> [PROBLEM DESCRIPTION] Where a record contains an image, leave the image out and print the rest exactly.

[Records from a dataset]
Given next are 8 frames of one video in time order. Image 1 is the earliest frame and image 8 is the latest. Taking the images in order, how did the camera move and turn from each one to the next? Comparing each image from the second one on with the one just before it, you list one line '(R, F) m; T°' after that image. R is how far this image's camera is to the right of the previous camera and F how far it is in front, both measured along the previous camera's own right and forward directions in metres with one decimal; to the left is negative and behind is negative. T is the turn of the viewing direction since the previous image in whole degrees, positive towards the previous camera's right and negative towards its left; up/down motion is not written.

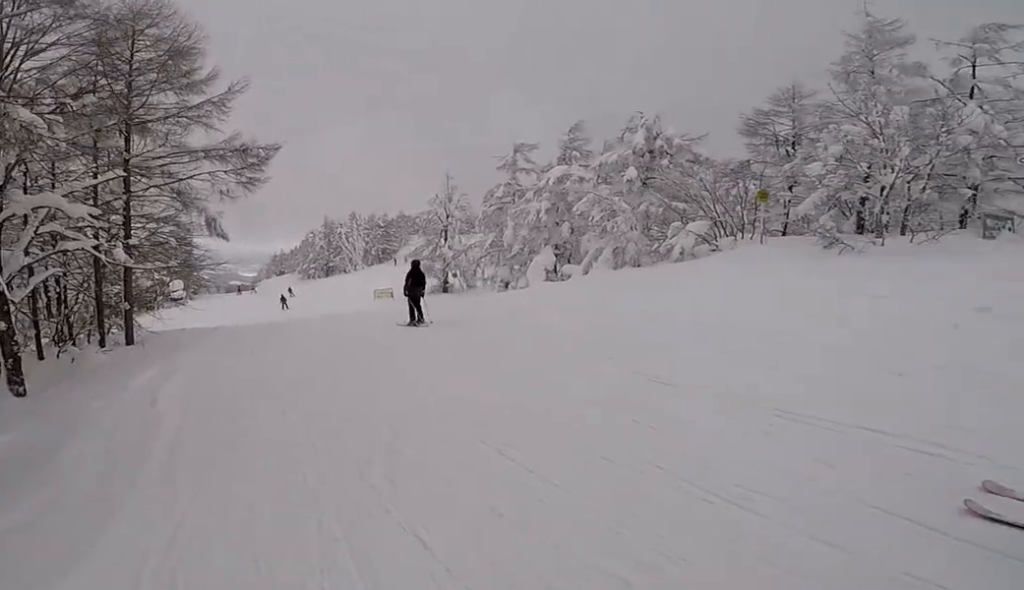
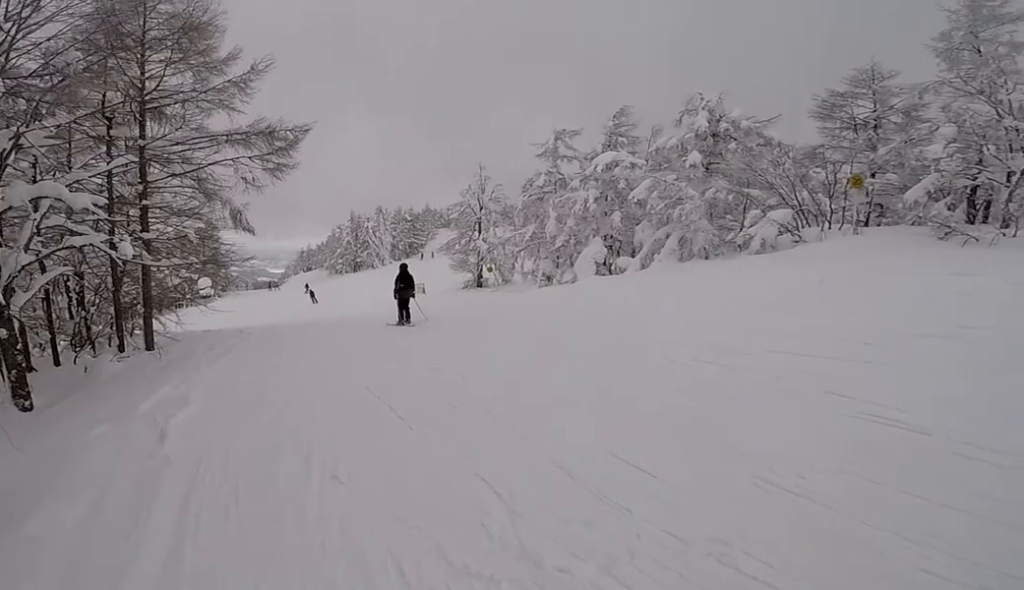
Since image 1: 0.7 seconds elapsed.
(0.0, +2.5) m; +10°
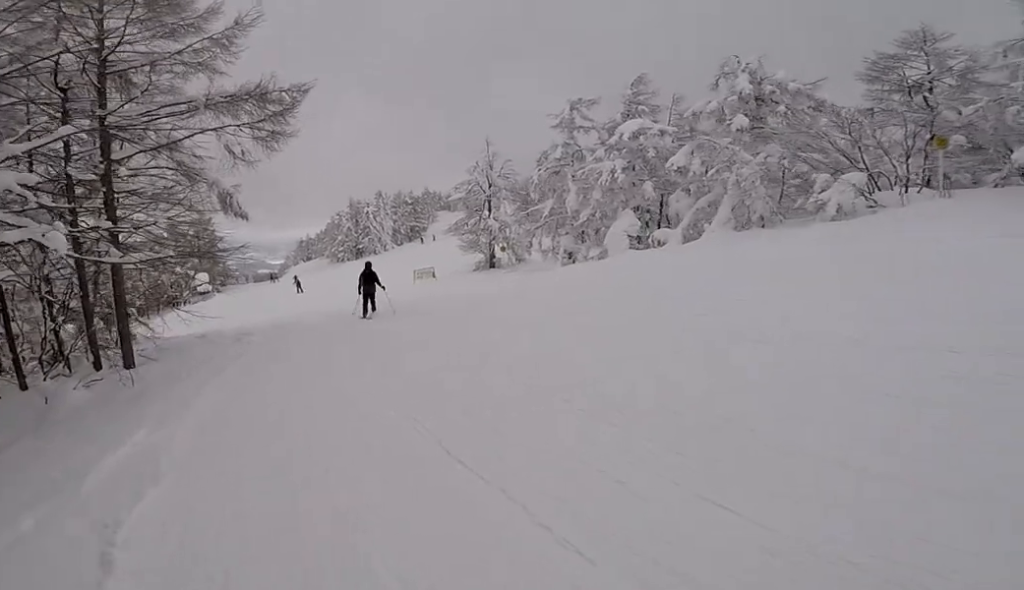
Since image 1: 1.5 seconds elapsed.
(+0.4, +3.4) m; +9°
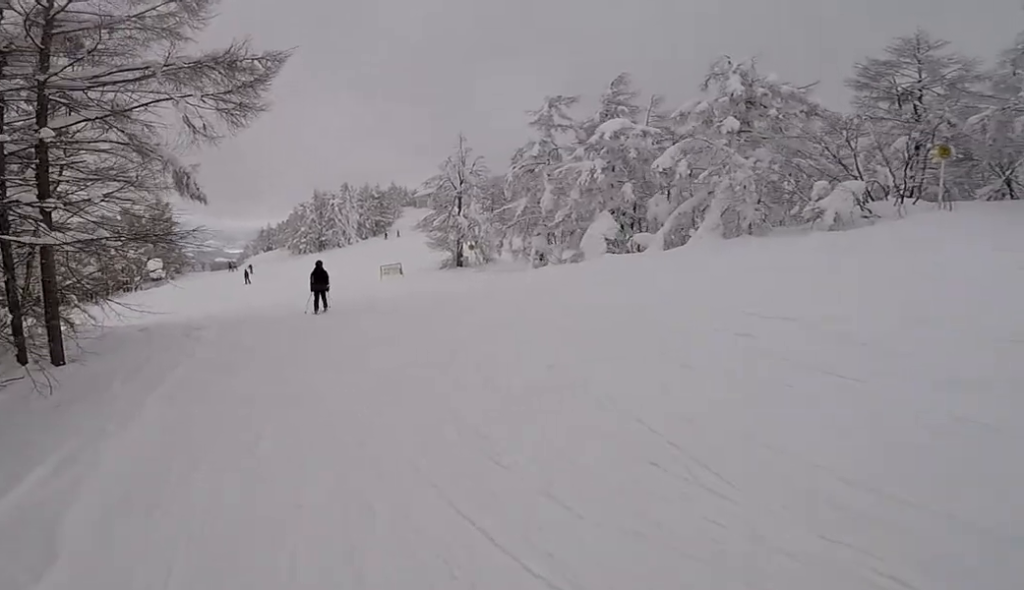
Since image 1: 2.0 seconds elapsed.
(+0.4, +1.8) m; +2°
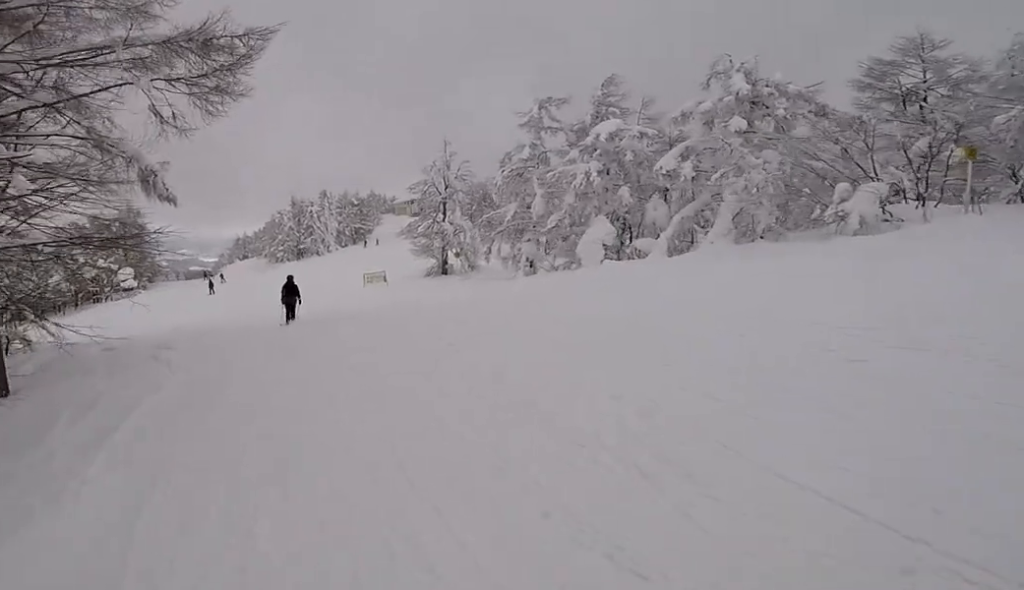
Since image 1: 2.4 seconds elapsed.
(-0.1, +1.8) m; -5°
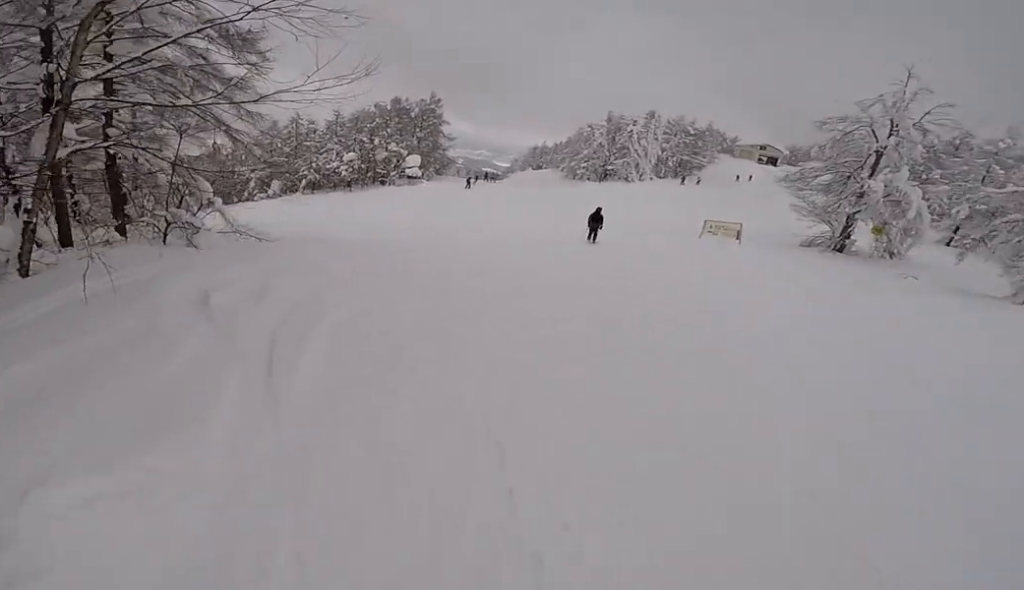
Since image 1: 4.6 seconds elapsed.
(-3.9, +9.4) m; -35°
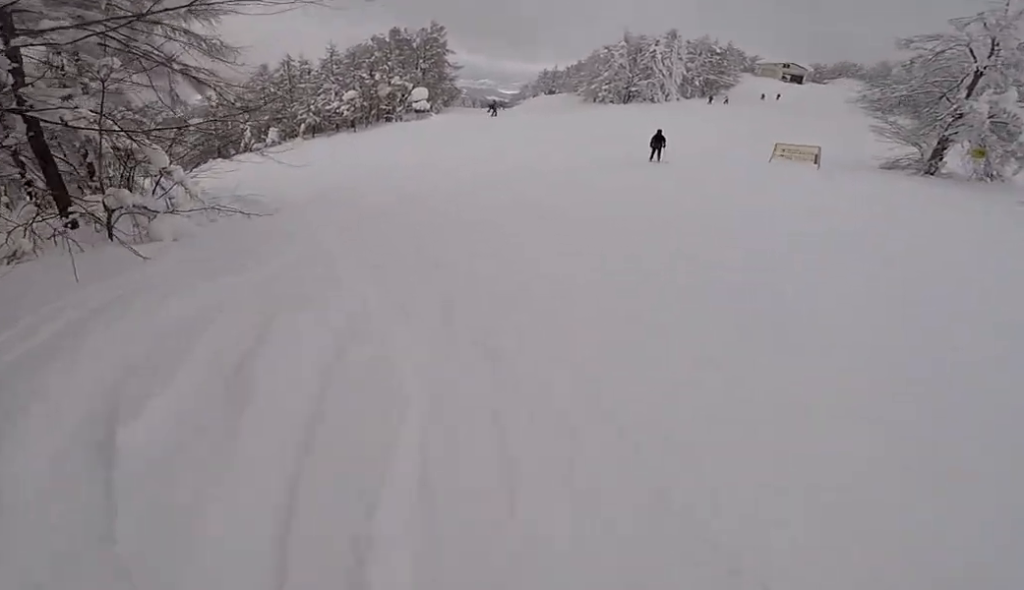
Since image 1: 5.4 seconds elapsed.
(-0.3, +4.4) m; -6°
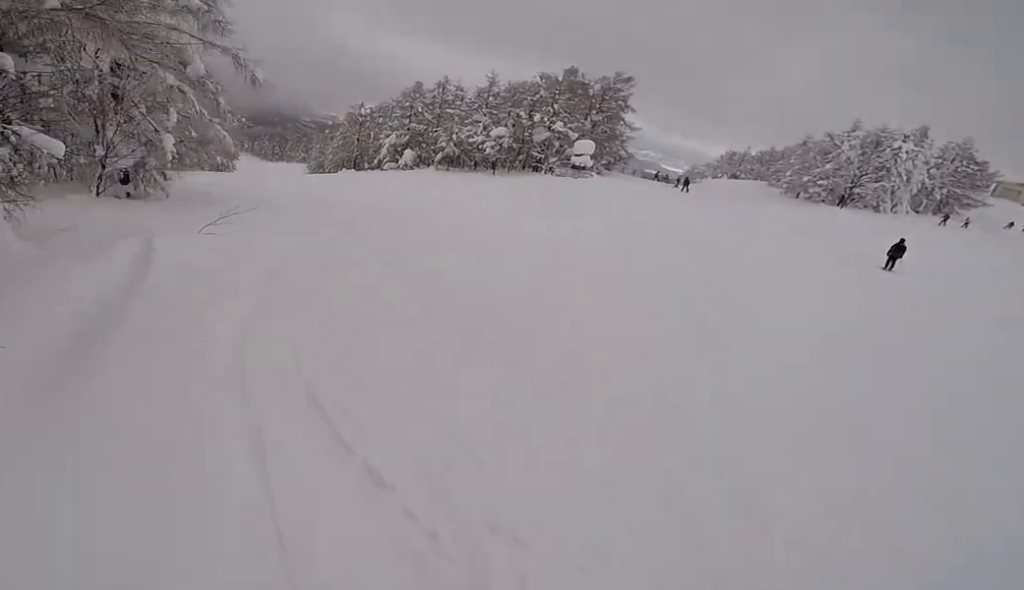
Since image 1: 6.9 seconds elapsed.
(-1.6, +8.8) m; -11°

> [EXERCISE OUTPUT]
Given next are 8 frames of one video in time order. Image 1 is the earliest frame and image 8 is the latest. Taking the images in order, how did the camera move and turn from each one to the next? Comparing each image from the second one on with the one just before it, you list one line '(R, F) m; T°' after that image. R is how far this image's camera is to the right of the previous camera and F how far it is in front, both measured along the previous camera's own right and forward directions in metres with one decimal; to the left is negative and behind is negative. T is the turn of the viewing direction since the previous image in whole degrees, positive towards the previous camera's right and negative towards its left; up/down motion is not written.

Since image 1: 0.7 seconds elapsed.
(0.0, +2.5) m; +10°
Since image 1: 1.5 seconds elapsed.
(+0.4, +3.4) m; +9°
Since image 1: 2.0 seconds elapsed.
(+0.4, +1.8) m; +2°
Since image 1: 2.4 seconds elapsed.
(-0.1, +1.8) m; -5°
Since image 1: 4.6 seconds elapsed.
(-3.9, +9.4) m; -35°
Since image 1: 5.4 seconds elapsed.
(-0.3, +4.4) m; -6°
Since image 1: 6.9 seconds elapsed.
(-1.6, +8.8) m; -11°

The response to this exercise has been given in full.